PROBLEM TO SOLVE:
Reproduce each record exactly.

MATERIAL FOR THE TASK:
▽

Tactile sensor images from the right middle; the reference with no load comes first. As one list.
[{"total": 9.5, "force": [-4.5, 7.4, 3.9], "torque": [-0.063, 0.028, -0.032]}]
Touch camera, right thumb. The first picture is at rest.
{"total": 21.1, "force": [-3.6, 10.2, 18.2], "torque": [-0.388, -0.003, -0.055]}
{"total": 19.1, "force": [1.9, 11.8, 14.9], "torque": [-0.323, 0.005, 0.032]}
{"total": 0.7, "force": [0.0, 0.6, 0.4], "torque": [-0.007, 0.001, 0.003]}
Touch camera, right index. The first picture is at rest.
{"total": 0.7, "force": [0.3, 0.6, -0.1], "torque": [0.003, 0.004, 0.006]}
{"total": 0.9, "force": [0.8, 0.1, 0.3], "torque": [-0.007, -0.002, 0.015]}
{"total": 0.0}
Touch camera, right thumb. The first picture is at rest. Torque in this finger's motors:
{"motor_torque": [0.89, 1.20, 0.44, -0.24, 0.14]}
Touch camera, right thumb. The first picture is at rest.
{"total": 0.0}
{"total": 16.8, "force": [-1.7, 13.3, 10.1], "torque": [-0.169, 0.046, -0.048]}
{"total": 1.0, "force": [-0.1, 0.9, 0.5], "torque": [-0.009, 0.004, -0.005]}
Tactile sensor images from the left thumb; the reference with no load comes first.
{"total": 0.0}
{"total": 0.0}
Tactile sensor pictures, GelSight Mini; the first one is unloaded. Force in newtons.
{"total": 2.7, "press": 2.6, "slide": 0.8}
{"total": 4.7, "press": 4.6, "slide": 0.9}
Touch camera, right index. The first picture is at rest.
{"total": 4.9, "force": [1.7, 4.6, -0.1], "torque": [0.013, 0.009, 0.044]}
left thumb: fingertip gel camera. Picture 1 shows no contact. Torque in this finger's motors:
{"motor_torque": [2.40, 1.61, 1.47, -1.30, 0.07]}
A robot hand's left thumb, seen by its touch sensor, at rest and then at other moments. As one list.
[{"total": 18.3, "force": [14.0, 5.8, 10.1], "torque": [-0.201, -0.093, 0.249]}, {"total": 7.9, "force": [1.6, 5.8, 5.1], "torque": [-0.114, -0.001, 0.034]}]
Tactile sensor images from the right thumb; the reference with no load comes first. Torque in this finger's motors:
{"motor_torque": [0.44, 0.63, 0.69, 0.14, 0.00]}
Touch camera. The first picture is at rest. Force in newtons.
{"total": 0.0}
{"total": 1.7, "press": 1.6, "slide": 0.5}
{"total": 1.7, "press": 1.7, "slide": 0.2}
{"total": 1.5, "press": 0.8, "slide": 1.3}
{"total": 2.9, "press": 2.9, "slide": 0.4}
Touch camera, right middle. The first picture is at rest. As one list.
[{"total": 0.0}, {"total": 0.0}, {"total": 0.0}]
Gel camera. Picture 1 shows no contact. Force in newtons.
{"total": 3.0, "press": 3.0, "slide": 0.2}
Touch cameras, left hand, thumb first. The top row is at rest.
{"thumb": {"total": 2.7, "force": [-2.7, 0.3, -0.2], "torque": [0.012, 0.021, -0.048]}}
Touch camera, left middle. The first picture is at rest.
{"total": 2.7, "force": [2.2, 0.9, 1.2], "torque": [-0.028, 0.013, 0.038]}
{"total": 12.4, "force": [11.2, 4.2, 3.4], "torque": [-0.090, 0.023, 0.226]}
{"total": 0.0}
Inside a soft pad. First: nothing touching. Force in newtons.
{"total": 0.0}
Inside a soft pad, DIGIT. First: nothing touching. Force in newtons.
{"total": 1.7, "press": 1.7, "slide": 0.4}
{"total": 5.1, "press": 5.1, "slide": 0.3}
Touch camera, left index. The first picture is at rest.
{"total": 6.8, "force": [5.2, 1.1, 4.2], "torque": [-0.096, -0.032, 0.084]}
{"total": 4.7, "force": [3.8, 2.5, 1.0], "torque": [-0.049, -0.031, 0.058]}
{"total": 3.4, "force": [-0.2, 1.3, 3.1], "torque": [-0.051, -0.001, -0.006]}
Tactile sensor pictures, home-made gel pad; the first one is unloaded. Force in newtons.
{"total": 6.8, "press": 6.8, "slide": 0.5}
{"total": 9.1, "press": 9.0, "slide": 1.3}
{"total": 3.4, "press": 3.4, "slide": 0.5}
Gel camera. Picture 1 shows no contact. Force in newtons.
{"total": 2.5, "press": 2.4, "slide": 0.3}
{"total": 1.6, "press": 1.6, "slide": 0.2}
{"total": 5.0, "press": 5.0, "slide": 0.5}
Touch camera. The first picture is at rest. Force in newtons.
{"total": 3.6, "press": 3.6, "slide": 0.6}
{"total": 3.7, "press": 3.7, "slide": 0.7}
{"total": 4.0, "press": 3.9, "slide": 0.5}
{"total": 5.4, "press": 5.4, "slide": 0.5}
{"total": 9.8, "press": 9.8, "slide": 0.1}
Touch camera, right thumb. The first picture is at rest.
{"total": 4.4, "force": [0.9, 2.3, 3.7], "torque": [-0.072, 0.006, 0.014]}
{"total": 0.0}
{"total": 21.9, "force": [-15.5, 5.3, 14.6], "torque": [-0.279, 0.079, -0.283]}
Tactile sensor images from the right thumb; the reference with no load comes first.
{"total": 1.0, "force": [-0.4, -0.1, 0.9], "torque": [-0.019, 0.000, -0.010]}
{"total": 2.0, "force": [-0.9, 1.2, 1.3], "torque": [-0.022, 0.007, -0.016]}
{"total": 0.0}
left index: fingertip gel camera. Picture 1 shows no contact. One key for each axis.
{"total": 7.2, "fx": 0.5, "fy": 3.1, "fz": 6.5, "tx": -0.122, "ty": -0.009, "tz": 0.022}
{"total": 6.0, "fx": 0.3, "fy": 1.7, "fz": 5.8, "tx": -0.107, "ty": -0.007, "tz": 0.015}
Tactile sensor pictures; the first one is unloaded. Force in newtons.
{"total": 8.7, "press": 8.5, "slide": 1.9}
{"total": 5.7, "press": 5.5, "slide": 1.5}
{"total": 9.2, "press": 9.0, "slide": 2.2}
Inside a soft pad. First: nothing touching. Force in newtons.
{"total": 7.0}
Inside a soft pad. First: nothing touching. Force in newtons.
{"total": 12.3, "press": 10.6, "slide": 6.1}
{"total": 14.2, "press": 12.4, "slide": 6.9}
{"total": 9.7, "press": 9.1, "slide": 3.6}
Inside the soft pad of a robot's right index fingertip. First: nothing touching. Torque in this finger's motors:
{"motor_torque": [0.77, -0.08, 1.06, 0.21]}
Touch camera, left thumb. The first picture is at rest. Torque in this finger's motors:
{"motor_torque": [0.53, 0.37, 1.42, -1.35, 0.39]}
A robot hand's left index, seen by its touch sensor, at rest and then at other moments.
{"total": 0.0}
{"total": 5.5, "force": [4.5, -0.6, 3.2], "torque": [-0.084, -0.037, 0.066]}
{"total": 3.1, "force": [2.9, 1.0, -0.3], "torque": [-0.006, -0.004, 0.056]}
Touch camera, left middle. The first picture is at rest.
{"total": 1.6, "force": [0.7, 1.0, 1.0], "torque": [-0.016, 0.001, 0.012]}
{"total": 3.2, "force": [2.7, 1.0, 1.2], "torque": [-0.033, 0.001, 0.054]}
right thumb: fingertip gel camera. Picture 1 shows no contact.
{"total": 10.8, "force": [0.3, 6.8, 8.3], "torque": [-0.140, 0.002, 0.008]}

△

TASK RESULT:
Tactile sensor images from the right middle; the reference with no load comes first. As one list.
[{"total": 9.5, "force": [-4.5, 7.4, 3.9], "torque": [-0.063, 0.028, -0.032]}]
Touch camera, right thumb. The first picture is at rest.
{"total": 21.1, "force": [-3.6, 10.2, 18.2], "torque": [-0.388, -0.003, -0.055]}
{"total": 19.1, "force": [1.9, 11.8, 14.9], "torque": [-0.323, 0.005, 0.032]}
{"total": 0.7, "force": [0.0, 0.6, 0.4], "torque": [-0.007, 0.001, 0.003]}
Touch camera, right index. The first picture is at rest.
{"total": 0.7, "force": [0.3, 0.6, -0.1], "torque": [0.003, 0.004, 0.006]}
{"total": 0.9, "force": [0.8, 0.1, 0.3], "torque": [-0.007, -0.002, 0.015]}
{"total": 0.0}
Touch camera, right thumb. The first picture is at rest. Torque in this finger's motors:
{"motor_torque": [0.89, 1.20, 0.44, -0.24, 0.14]}
Touch camera, right thumb. The first picture is at rest.
{"total": 0.0}
{"total": 16.8, "force": [-1.7, 13.3, 10.1], "torque": [-0.169, 0.046, -0.048]}
{"total": 1.0, "force": [-0.1, 0.9, 0.5], "torque": [-0.009, 0.004, -0.005]}
Tactile sensor images from the left thumb; the reference with no load comes first.
{"total": 0.0}
{"total": 0.0}
Tactile sensor pictures, GelSight Mini; the first one is unloaded. Force in newtons.
{"total": 2.7, "press": 2.6, "slide": 0.8}
{"total": 4.7, "press": 4.6, "slide": 0.9}
Touch camera, right index. The first picture is at rest.
{"total": 4.9, "force": [1.7, 4.6, -0.1], "torque": [0.013, 0.009, 0.044]}
left thumb: fingertip gel camera. Picture 1 shows no contact. Torque in this finger's motors:
{"motor_torque": [2.40, 1.61, 1.47, -1.30, 0.07]}
A robot hand's left thumb, seen by its touch sensor, at rest and then at other moments. As one list.
[{"total": 18.3, "force": [14.0, 5.8, 10.1], "torque": [-0.201, -0.093, 0.249]}, {"total": 7.9, "force": [1.6, 5.8, 5.1], "torque": [-0.114, -0.001, 0.034]}]
Tactile sensor images from the right thumb; the reference with no load comes first. Torque in this finger's motors:
{"motor_torque": [0.44, 0.63, 0.69, 0.14, 0.00]}
Touch camera. The first picture is at rest. Force in newtons.
{"total": 0.0}
{"total": 1.7, "press": 1.6, "slide": 0.5}
{"total": 1.7, "press": 1.7, "slide": 0.2}
{"total": 1.5, "press": 0.8, "slide": 1.3}
{"total": 2.9, "press": 2.9, "slide": 0.4}
Touch camera, right middle. The first picture is at rest. As one list.
[{"total": 0.0}, {"total": 0.0}, {"total": 0.0}]
Gel camera. Picture 1 shows no contact. Force in newtons.
{"total": 3.0, "press": 3.0, "slide": 0.2}
Touch cameras, left hand, thumb first. The top row is at rest.
{"thumb": {"total": 2.7, "force": [-2.7, 0.3, -0.2], "torque": [0.012, 0.021, -0.048]}}
Touch camera, left middle. The first picture is at rest.
{"total": 2.7, "force": [2.2, 0.9, 1.2], "torque": [-0.028, 0.013, 0.038]}
{"total": 12.4, "force": [11.2, 4.2, 3.4], "torque": [-0.090, 0.023, 0.226]}
{"total": 0.0}
Inside a soft pad. First: nothing touching. Force in newtons.
{"total": 0.0}
Inside a soft pad, DIGIT. First: nothing touching. Force in newtons.
{"total": 1.7, "press": 1.7, "slide": 0.4}
{"total": 5.1, "press": 5.1, "slide": 0.3}
Touch camera, left index. The first picture is at rest.
{"total": 6.8, "force": [5.2, 1.1, 4.2], "torque": [-0.096, -0.032, 0.084]}
{"total": 4.7, "force": [3.8, 2.5, 1.0], "torque": [-0.049, -0.031, 0.058]}
{"total": 3.4, "force": [-0.2, 1.3, 3.1], "torque": [-0.051, -0.001, -0.006]}
Tactile sensor pictures, home-made gel pad; the first one is unloaded. Force in newtons.
{"total": 6.8, "press": 6.8, "slide": 0.5}
{"total": 9.1, "press": 9.0, "slide": 1.3}
{"total": 3.4, "press": 3.4, "slide": 0.5}
Gel camera. Picture 1 shows no contact. Force in newtons.
{"total": 2.5, "press": 2.4, "slide": 0.3}
{"total": 1.6, "press": 1.6, "slide": 0.2}
{"total": 5.0, "press": 5.0, "slide": 0.5}
Touch camera. The first picture is at rest. Force in newtons.
{"total": 3.6, "press": 3.6, "slide": 0.6}
{"total": 3.7, "press": 3.7, "slide": 0.7}
{"total": 4.0, "press": 3.9, "slide": 0.5}
{"total": 5.4, "press": 5.4, "slide": 0.5}
{"total": 9.8, "press": 9.8, "slide": 0.1}
Touch camera, right thumb. The first picture is at rest.
{"total": 4.4, "force": [0.9, 2.3, 3.7], "torque": [-0.072, 0.006, 0.014]}
{"total": 0.0}
{"total": 21.9, "force": [-15.5, 5.3, 14.6], "torque": [-0.279, 0.079, -0.283]}
Tactile sensor images from the right thumb; the reference with no load comes first.
{"total": 1.0, "force": [-0.4, -0.1, 0.9], "torque": [-0.019, 0.000, -0.010]}
{"total": 2.0, "force": [-0.9, 1.2, 1.3], "torque": [-0.022, 0.007, -0.016]}
{"total": 0.0}
left index: fingertip gel camera. Picture 1 shows no contact. One key for each axis.
{"total": 7.2, "fx": 0.5, "fy": 3.1, "fz": 6.5, "tx": -0.122, "ty": -0.009, "tz": 0.022}
{"total": 6.0, "fx": 0.3, "fy": 1.7, "fz": 5.8, "tx": -0.107, "ty": -0.007, "tz": 0.015}
Tactile sensor pictures; the first one is unloaded. Force in newtons.
{"total": 8.7, "press": 8.5, "slide": 1.9}
{"total": 5.7, "press": 5.5, "slide": 1.5}
{"total": 9.2, "press": 9.0, "slide": 2.2}
Inside a soft pad. First: nothing touching. Force in newtons.
{"total": 7.0}
Inside a soft pad. First: nothing touching. Force in newtons.
{"total": 12.3, "press": 10.6, "slide": 6.1}
{"total": 14.2, "press": 12.4, "slide": 6.9}
{"total": 9.7, "press": 9.1, "slide": 3.6}
Inside the soft pad of a robot's right index fingertip. First: nothing touching. Torque in this finger's motors:
{"motor_torque": [0.77, -0.08, 1.06, 0.21]}
Touch camera, left thumb. The first picture is at rest. Torque in this finger's motors:
{"motor_torque": [0.53, 0.37, 1.42, -1.35, 0.39]}
A robot hand's left index, seen by its touch sensor, at rest and then at other moments.
{"total": 0.0}
{"total": 5.5, "force": [4.5, -0.6, 3.2], "torque": [-0.084, -0.037, 0.066]}
{"total": 3.1, "force": [2.9, 1.0, -0.3], "torque": [-0.006, -0.004, 0.056]}
Touch camera, left middle. The first picture is at rest.
{"total": 1.6, "force": [0.7, 1.0, 1.0], "torque": [-0.016, 0.001, 0.012]}
{"total": 3.2, "force": [2.7, 1.0, 1.2], "torque": [-0.033, 0.001, 0.054]}
right thumb: fingertip gel camera. Picture 1 shows no contact.
{"total": 10.8, "force": [0.3, 6.8, 8.3], "torque": [-0.140, 0.002, 0.008]}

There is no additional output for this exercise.